第三十八話 現象
精霊から放出された物体は物理法則を無視して放物線を描かずにばらまかれている。ありがたいことにあまり速くはなく、数こそ多いものの球体同士の間隔がかなり広いためよけることは難しくなかった。隣を逃げている異種族も同じ意見だったらしい。
「とにかく逃げろ! 焦らずに攻撃をよけながら走るんだ!」
そう叫びながら球体をかわそうとする。だが突如として球体は旋回し、それは彼の胸に直撃した。
「そ」
断末魔は言い終わることがなく、彼は灰色の粉となって消えた。
(当たったら確実に死にますね。お気の毒に。しかしこれで条件は満たしました)
内心とは違い、糾弾するような言葉を紡ぐ。
「ミステラ! 動物愛護法違反です! あの精霊を裁きなさい!」
知恵の輪をちぐはぐに組み合わせたような精霊が出現する。これで事態は解決する……はずだった。
『あー……そりゃ無理だな』
「理由は⁉」
『あの塩と灰の精霊ザグロトは呼ばれてねー。自然にここに来た奴だ』
「この世界に来た方法はどうあれ攻撃してきていることには違いないはずです!」
『いいやあ? あれはここにいるだけだ。ここにいるだけで世界の法則を歪めているだけだ。それを裁くなんておかしいだろ?』
「あの球体はただの自然現象みたいなものだと?」
『イエース』
思わず絶句する。例えば地震で命を落としたとしても、竜巻で家が吹き飛ばされたとしても、自然現象を裁けるはずがない。
問題なのは、その自然現象とやらの致死性が強すぎるということだ。そして同時にあれが誰かに呼ばれた精霊でないということだけは確かになった。いきなり攻撃したところをみるに、通常とは違うようだが。
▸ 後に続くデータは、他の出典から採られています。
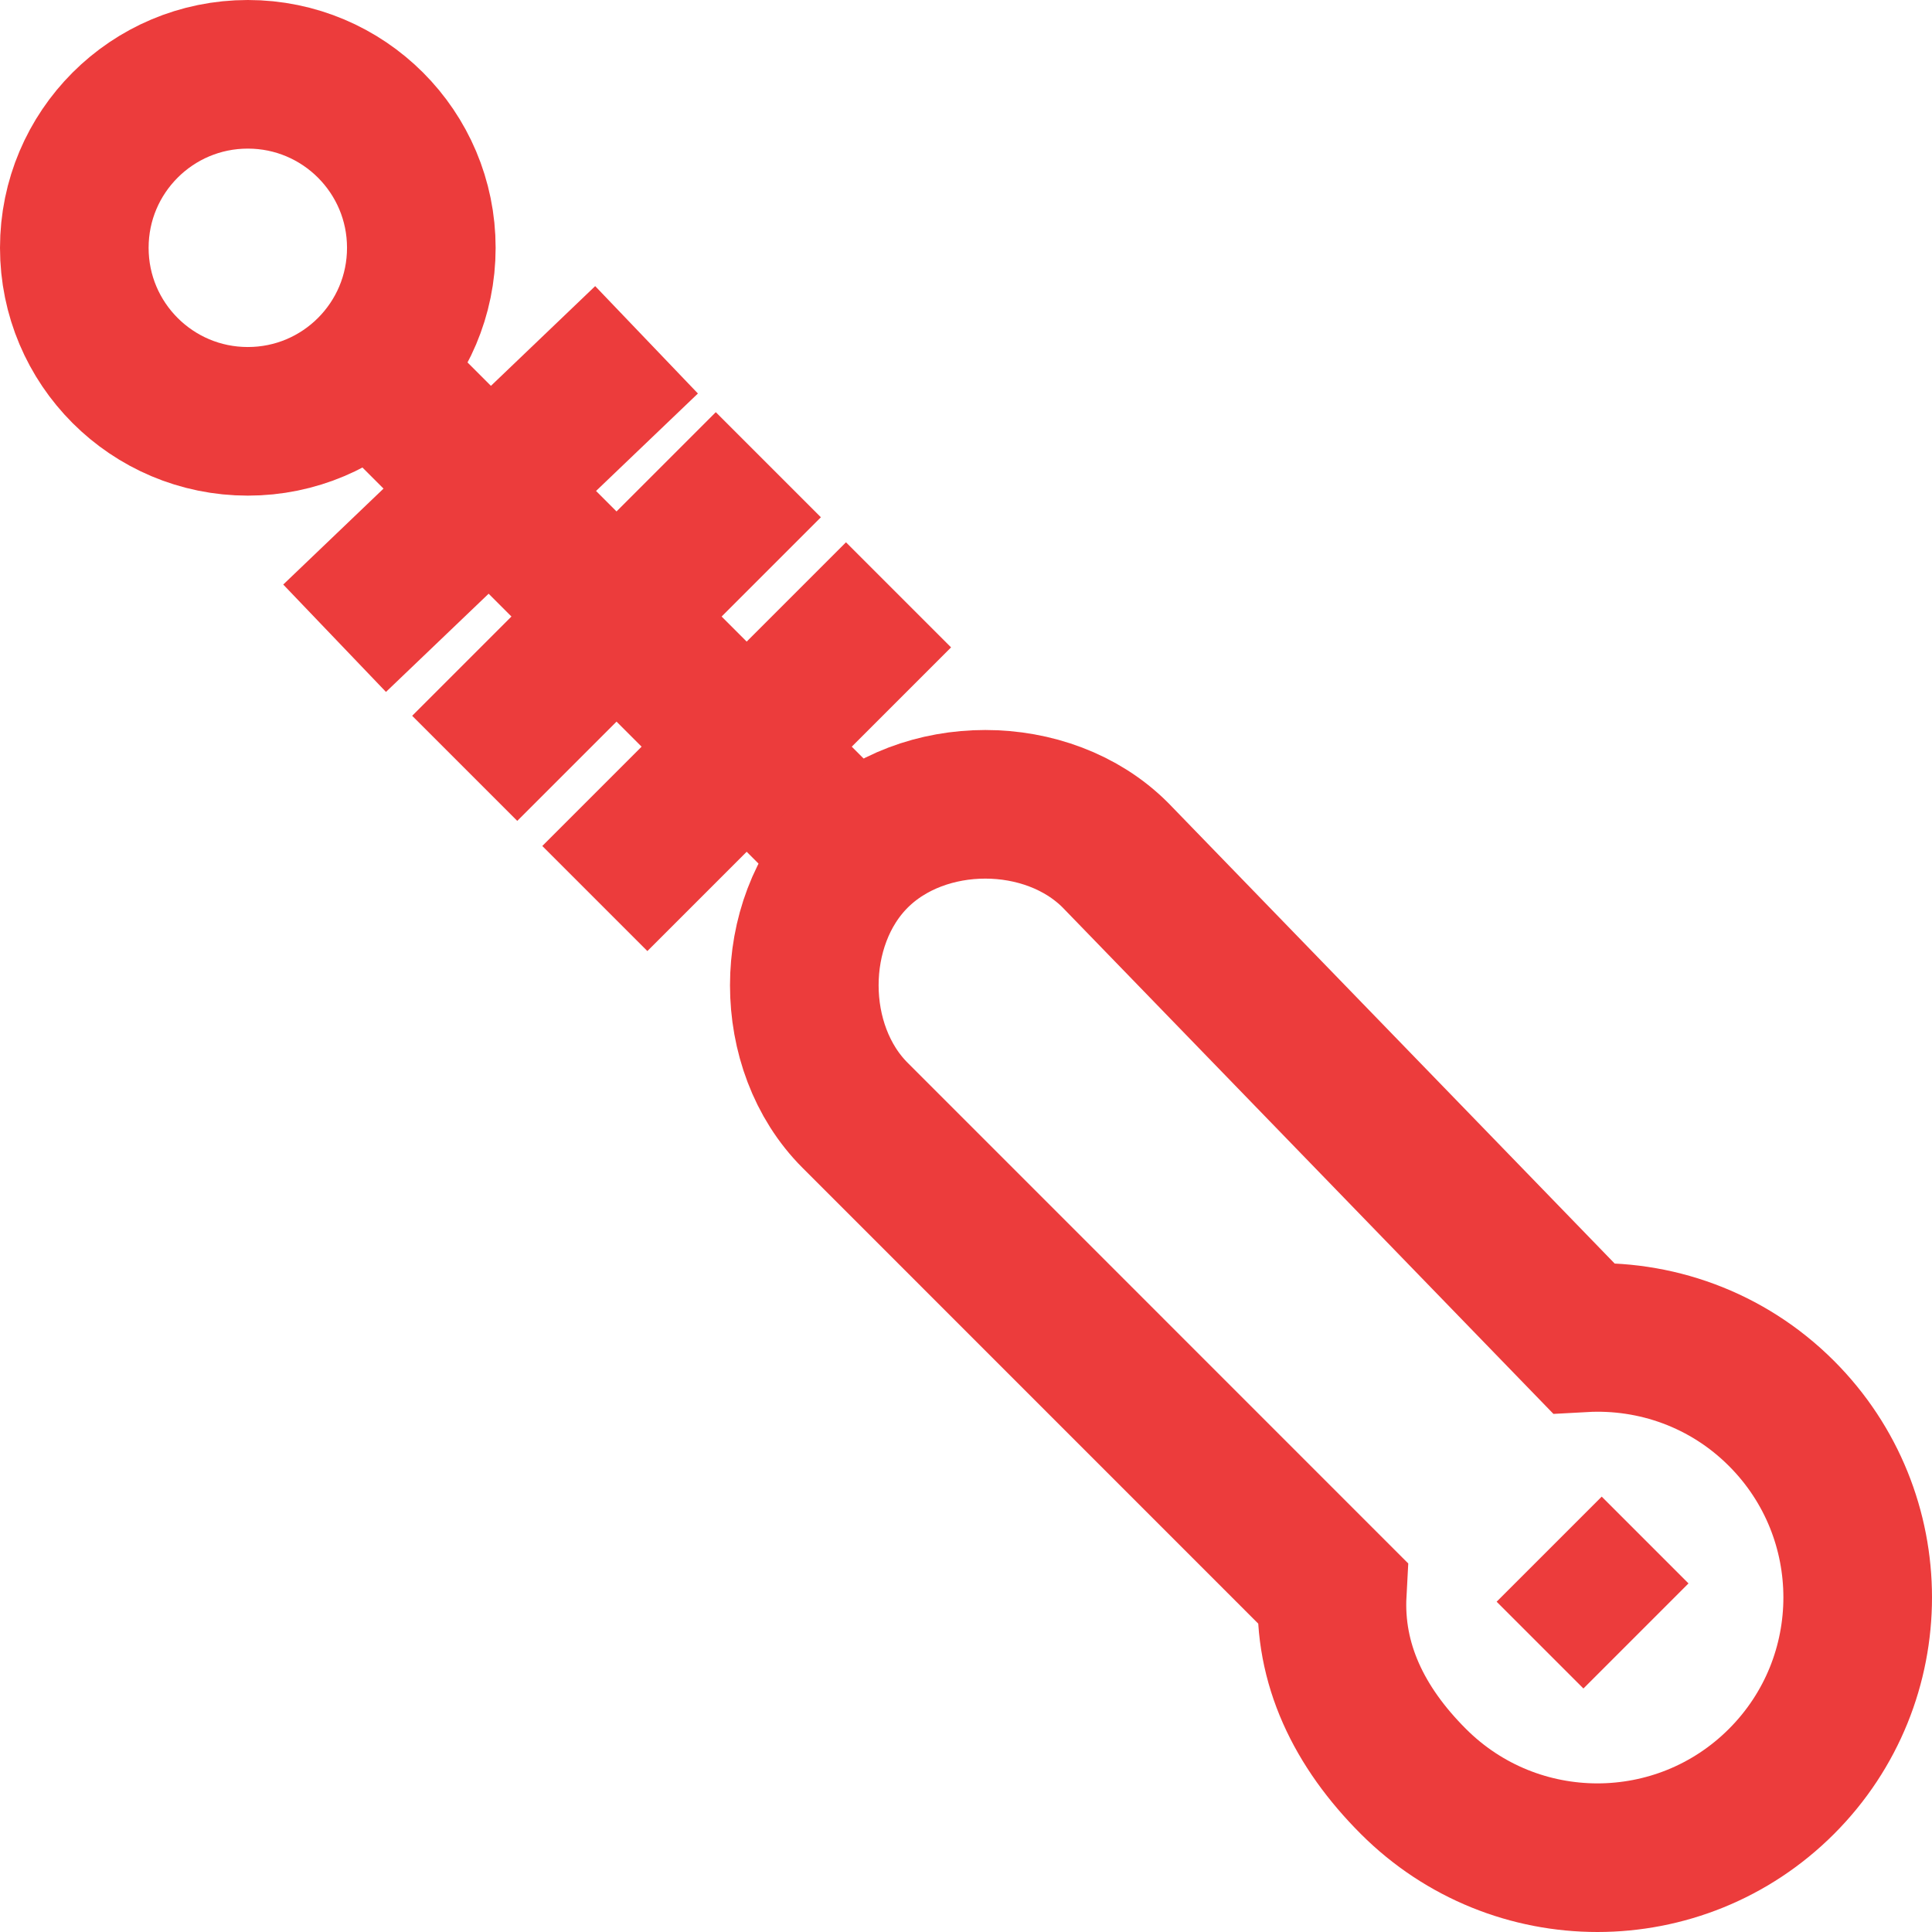 <svg width="26" height="26" viewBox="0 0 26 26" fill="none" xmlns="http://www.w3.org/2000/svg">
<path d="M3.335 5.67C4.625 5.67 5.67 4.625 5.67 3.335C5.67 2.045 4.625 1 3.335 1C2.045 1 1 2.045 1 3.335C1 4.625 2.045 5.67 3.335 5.67Z" stroke="#EC3C3C" stroke-width="2" stroke-miterlimit="10"/>
<path d="M17.929 21.432L11.508 15.01C10.596 14.099 10.596 12.42 11.508 11.508C12.42 10.596 14.099 10.596 15.01 11.508L21.306 18.004C22.265 17.951 23.241 18.288 23.974 19.021C25.342 20.389 25.342 22.606 23.974 23.974C22.606 25.342 20.389 25.342 19.021 23.974C18.288 23.241 17.877 22.391 17.929 21.432Z" stroke="#EC3C3C" stroke-width="2" stroke-miterlimit="10"/>
<path d="M22.016 22.016L20.848 20.848" stroke="#EC3C3C" stroke-width="2" stroke-miterlimit="10"/>
<path d="M5.086 5.086L11.508 11.508" stroke="#EC3C3C" stroke-width="2" stroke-miterlimit="10"/>
<path d="M8.701 4.573L4.503 8.589" stroke="#EC3C3C" stroke-width="2" stroke-miterlimit="10"/>
<path d="M10.34 6.254L6.254 10.34" stroke="#EC3C3C" stroke-width="2" stroke-miterlimit="10"/>
<path d="M12.092 8.005L8.005 12.092" stroke="#EC3C3C" stroke-width="2" stroke-miterlimit="10"/>
</svg>
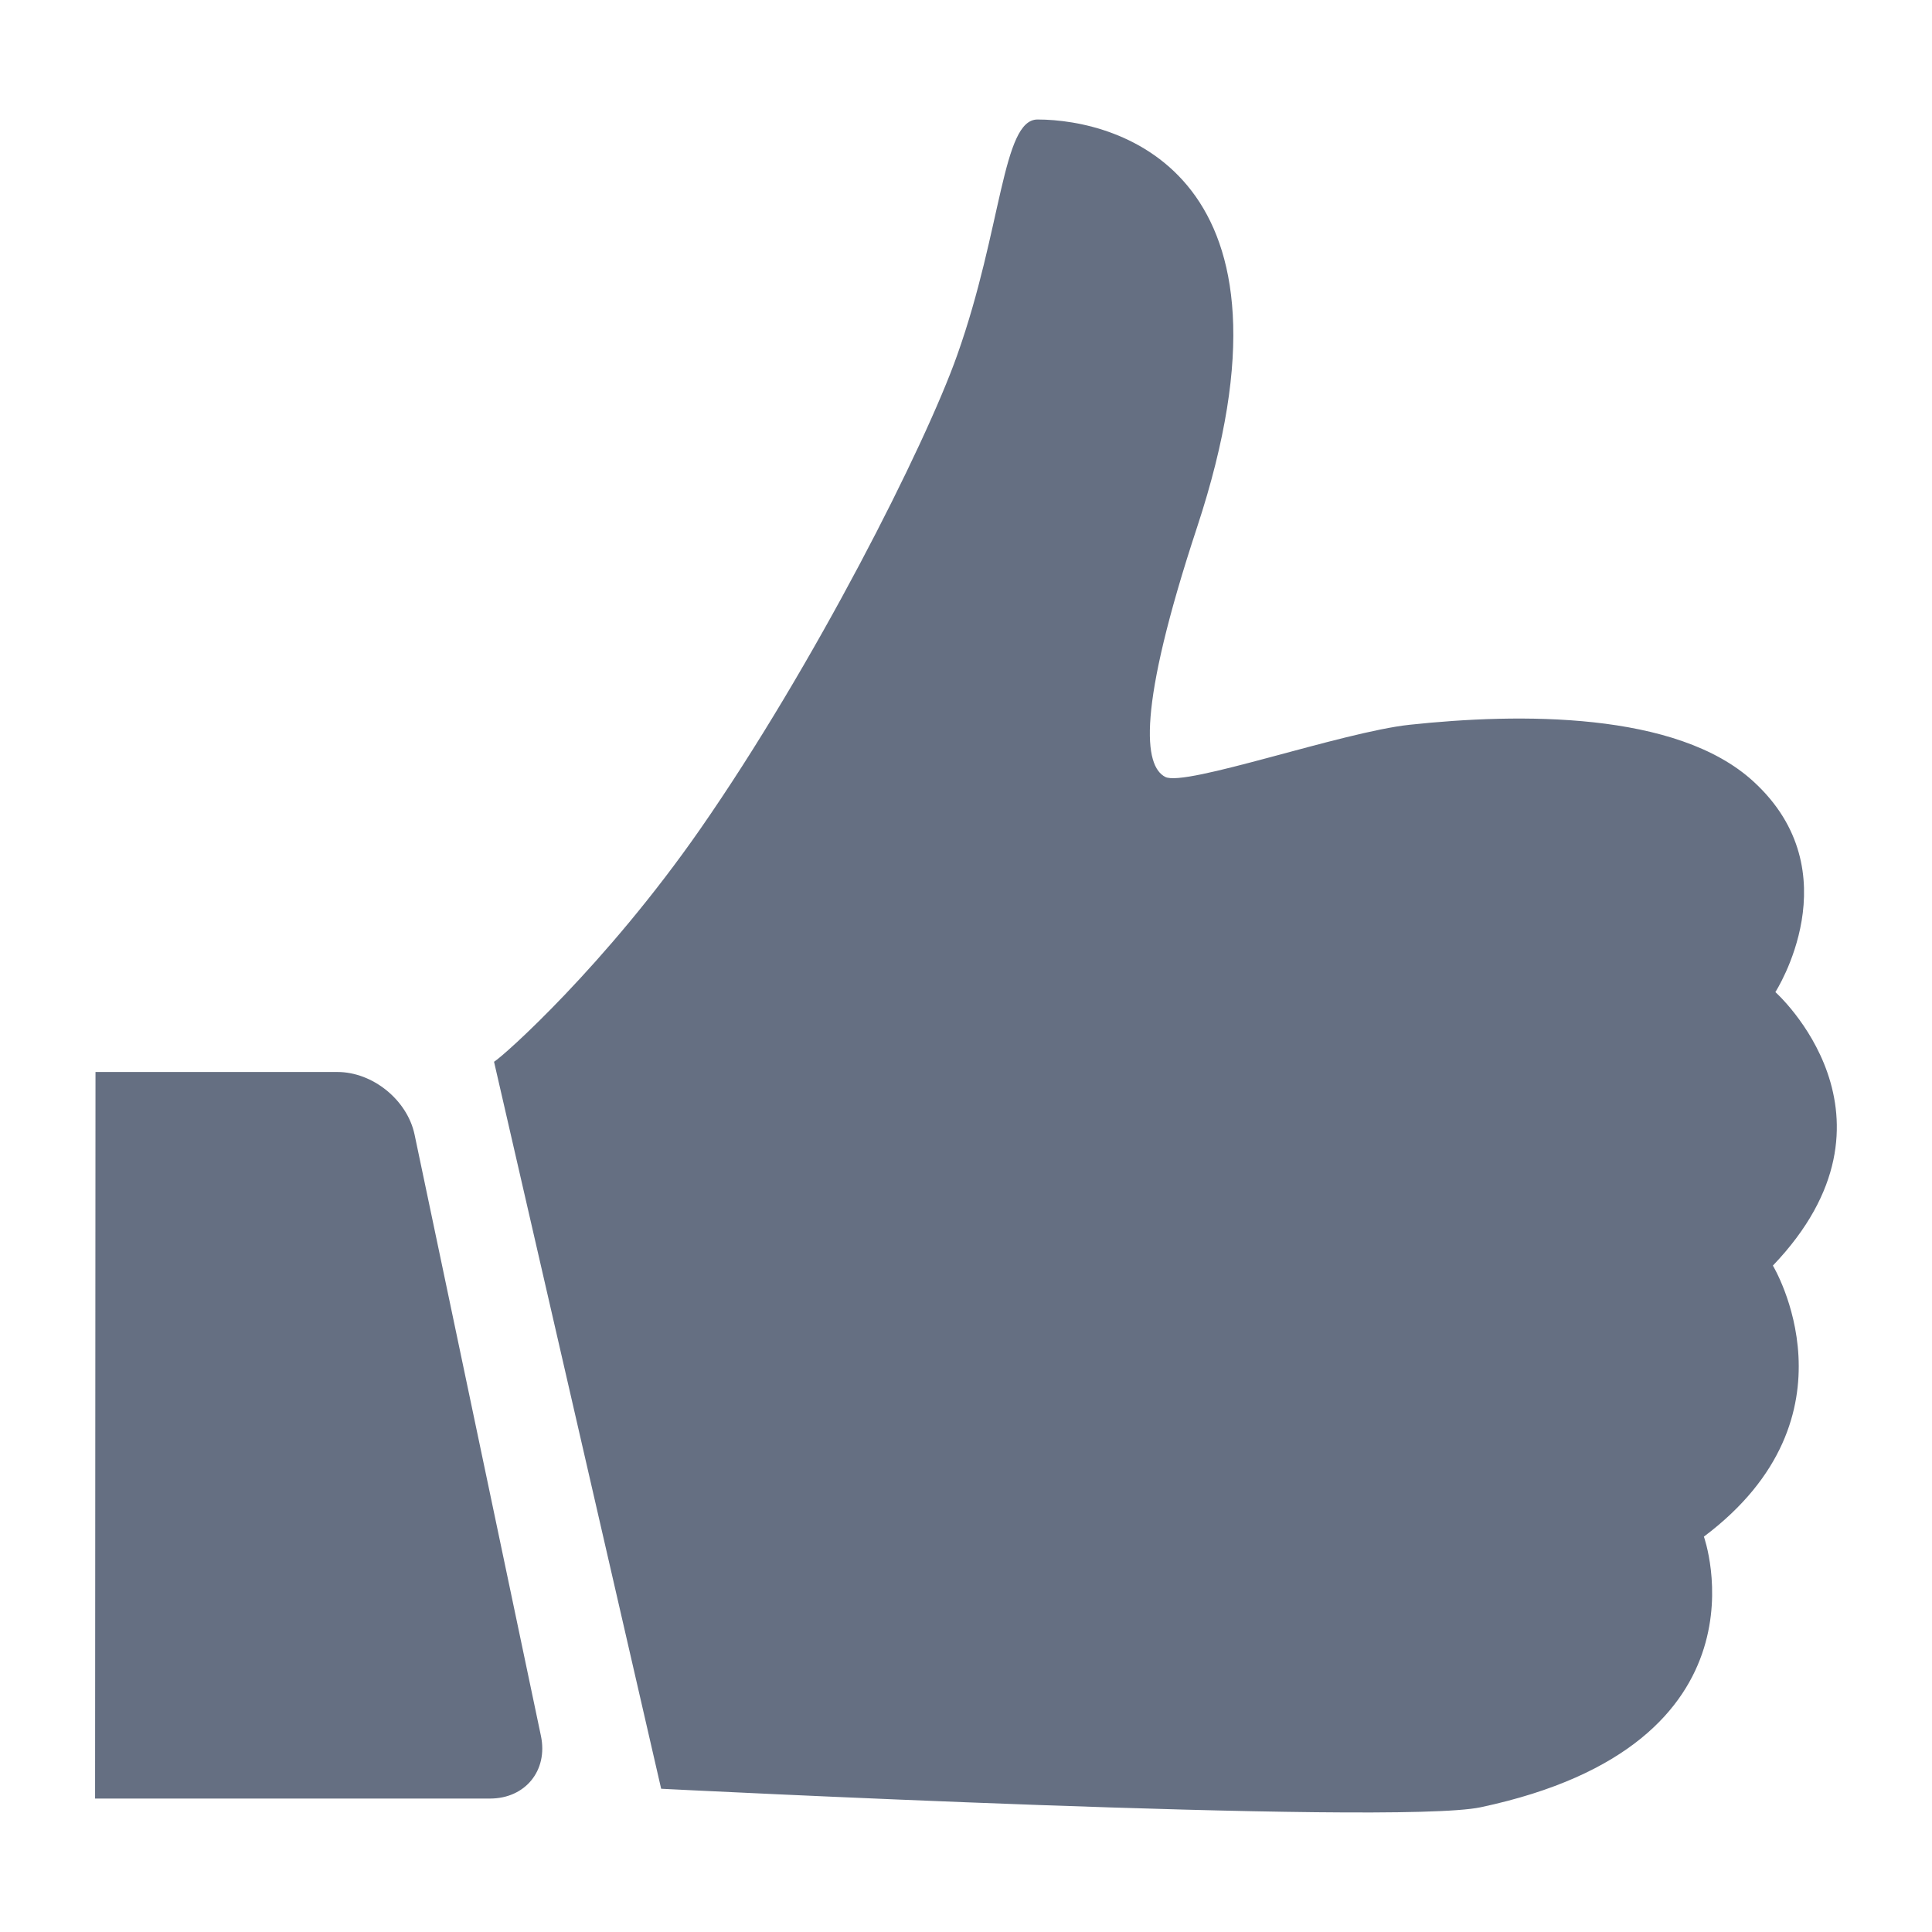 <svg width="14" height="14" viewBox="0 0 14 14" fill="none" xmlns="http://www.w3.org/2000/svg">
<path d="M7.518 0.866C8.11 0.866 9.519 1.261 8.674 3.822C8.237 5.148 8.29 5.551 8.444 5.63C8.588 5.704 9.722 5.305 10.214 5.252C11.007 5.167 12.149 5.153 12.705 5.662C13.426 6.32 12.865 7.189 12.865 7.189C12.865 7.189 13.879 8.092 12.847 9.171C12.847 9.171 13.508 10.264 12.347 11.135C12.347 11.135 12.886 12.638 10.73 13.096C10.096 13.231 4.791 12.962 4.791 12.962L3.58 7.694C3.65 7.652 4.389 6.993 5.074 6.008C5.899 4.822 6.704 3.231 6.937 2.571C7.261 1.658 7.263 0.866 7.518 0.866ZM0.689 13.033H3.551C3.806 13.033 3.972 12.83 3.92 12.58L3.004 8.221C2.951 7.971 2.701 7.768 2.445 7.768H0.692L0.689 13.033Z" fill="#656F82"/>
</svg>

もはや置物以下の物体Xとなったミステラを放置して頼りになる方の精霊に尋ねる。
「シュトート。あなたはあの精霊から坊ちゃまを守る義務がありますか?」
『はい。その身命を保全する義務があります。ただし、その所有品まではその限りではありません』
つまり自分の身は自分で守れ、ということ。とりあえず走る以外の方法が見当たらないのだが……いや、助け舟はあった。
「皆様! こちらに!」
トレッコから紹介されたケンタウロスが手を振って招いてくれる。こんな状況でも職務に忠実だったらしい。あれに乗った方が速いのは明らかだ。急いでケンタウロス車に向かう。
「お姉ちゃん! 後ろ! 来てる!」
花梨の声に従い、首をぐりんと回すと、球体の群れが私たちに迫っていた。咄嗟に花梨を抱えたまま肩から地面に倒れこむ。
私の10センチ上を球体が通過し、そのままケンタウロスに向かう。ケンタウロスは大柄で、私たちのように伏せて躱すことはできない。しかしケンタウロスはとっさに車から手を離すと四本の足を躍動させ、その場で跳躍した。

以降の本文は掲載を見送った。